◆ **Data for this task**
[Start of Attachment]

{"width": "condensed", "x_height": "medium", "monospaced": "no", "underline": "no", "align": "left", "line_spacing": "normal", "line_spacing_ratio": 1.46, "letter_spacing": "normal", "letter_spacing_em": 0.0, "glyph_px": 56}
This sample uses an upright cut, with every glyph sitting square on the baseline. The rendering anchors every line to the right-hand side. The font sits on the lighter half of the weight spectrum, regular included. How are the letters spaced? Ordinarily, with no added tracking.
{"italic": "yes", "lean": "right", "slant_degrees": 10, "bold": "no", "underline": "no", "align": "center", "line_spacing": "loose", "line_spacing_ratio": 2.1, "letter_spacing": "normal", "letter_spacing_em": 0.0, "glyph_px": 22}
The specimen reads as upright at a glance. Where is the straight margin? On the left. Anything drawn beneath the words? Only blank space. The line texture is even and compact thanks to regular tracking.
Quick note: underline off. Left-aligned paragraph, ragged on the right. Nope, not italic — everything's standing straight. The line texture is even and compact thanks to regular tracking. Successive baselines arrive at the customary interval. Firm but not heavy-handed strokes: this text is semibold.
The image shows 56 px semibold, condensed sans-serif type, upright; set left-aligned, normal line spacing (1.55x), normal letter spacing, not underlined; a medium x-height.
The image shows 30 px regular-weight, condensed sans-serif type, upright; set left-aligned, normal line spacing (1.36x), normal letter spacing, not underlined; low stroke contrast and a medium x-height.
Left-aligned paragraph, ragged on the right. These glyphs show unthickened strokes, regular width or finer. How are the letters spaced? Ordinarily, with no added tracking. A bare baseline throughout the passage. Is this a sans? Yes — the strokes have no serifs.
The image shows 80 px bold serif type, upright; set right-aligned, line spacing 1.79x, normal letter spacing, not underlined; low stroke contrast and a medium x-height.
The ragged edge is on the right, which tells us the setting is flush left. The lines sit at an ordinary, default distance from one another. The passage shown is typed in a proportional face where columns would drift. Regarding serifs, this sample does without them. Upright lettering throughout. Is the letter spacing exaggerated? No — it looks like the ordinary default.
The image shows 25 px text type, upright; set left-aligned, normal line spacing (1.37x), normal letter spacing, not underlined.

[End of Attachment]

◆ **Exercise details**
An exact copy of the lines from the one containing "The specimen reads" through the end of the data above is the whole answer.

◆ **Solved exercise**
The specimen reads as upright at a glance. Where is the straight margin? On the left. Anything drawn beneath the words? Only blank space. The line texture is even and compact thanks to regular tracking.
Quick note: underline off. Left-aligned paragraph, ragged on the right. Nope, not italic — everything's standing straight. The line texture is even and compact thanks to regular tracking. Successive baselines arrive at the customary interval. Firm but not heavy-handed strokes: this text is semibold.
The image shows 56 px semibold, condensed sans-serif type, upright; set left-aligned, normal line spacing (1.55x), normal letter spacing, not underlined; a medium x-height.
The image shows 30 px regular-weight, condensed sans-serif type, upright; set left-aligned, normal line spacing (1.36x), normal letter spacing, not underlined; low stroke contrast and a medium x-height.
Left-aligned paragraph, ragged on the right. These glyphs show unthickened strokes, regular width or finer. How are the letters spaced? Ordinarily, with no added tracking. A bare baseline throughout the passage. Is this a sans? Yes — the strokes have no serifs.
The image shows 80 px bold serif type, upright; set right-aligned, line spacing 1.79x, normal letter spacing, not underlined; low stroke contrast and a medium x-height.
The ragged edge is on the right, which tells us the setting is flush left. The lines sit at an ordinary, default distance from one another. The passage shown is typed in a proportional face where columns would drift. Regarding serifs, this sample does without them. Upright lettering throughout. Is the letter spacing exaggerated? No — it looks like the ordinary default.
The image shows 25 px text type, upright; set left-aligned, normal line spacing (1.37x), normal letter spacing, not underlined.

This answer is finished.